Abstract
A 67-year-old Japanese woman who had end-stage renal disease was referred to our hospital for kidney transplantation. Abdominal CT revealed a large adrenal mass with inhomogeneity. She had a history of hospitalization for stroke and heart failure and exhibited prominent hyporeninemic hyperaldosteronism. Histological examination of the resected tumor with anti-CYP11B2 antibody indicated that she had a vascular endothelial cyst with primary aldosteronism (PA) due to multiple adrenocortical micronodules. This report implicates the pathological interaction between adrenal vascular cysts and PA-mediated vascular damage of the adrenal vein.
1. Introduction
Adrenal cysts are rare and form a heterogeneous group of lesions.
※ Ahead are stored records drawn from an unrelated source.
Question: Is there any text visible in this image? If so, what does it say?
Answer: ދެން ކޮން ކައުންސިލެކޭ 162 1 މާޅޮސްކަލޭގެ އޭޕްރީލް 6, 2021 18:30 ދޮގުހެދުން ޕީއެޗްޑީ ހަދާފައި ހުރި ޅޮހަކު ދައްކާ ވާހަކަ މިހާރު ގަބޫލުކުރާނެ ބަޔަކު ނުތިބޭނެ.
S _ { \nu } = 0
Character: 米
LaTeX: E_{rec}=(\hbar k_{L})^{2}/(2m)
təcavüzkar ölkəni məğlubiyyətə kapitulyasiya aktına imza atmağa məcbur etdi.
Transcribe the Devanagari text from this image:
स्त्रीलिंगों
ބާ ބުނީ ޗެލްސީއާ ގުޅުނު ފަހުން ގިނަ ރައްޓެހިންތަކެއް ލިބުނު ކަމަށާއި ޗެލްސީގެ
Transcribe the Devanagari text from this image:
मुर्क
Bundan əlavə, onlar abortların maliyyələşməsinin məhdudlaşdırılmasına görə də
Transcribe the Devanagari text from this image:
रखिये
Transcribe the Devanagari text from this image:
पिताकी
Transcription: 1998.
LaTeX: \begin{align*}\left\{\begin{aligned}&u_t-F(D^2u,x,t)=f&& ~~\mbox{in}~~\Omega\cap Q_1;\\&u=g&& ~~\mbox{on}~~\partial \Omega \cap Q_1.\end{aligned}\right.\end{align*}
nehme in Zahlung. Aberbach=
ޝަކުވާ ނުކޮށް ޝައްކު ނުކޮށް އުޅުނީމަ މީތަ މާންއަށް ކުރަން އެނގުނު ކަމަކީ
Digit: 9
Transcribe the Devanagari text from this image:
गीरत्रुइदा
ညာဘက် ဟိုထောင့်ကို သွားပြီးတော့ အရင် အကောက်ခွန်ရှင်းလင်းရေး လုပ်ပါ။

Their incidence in autopsy has been reported to be 0.064–0.18% [1]. However, the frequency with which they are disclosed appears to be increasing because of improved radiological imaging techniques such as computed tomography (CT) and magnetic resonance imaging (MRI) [2]. Adrenal vascular endothelial cysts are one of the subtypes of adrenal cysts and associated with vascular damage [3]. Although aldosterone is directly involved in such vascular damage, coincidence of these two disorders was scarcely reported.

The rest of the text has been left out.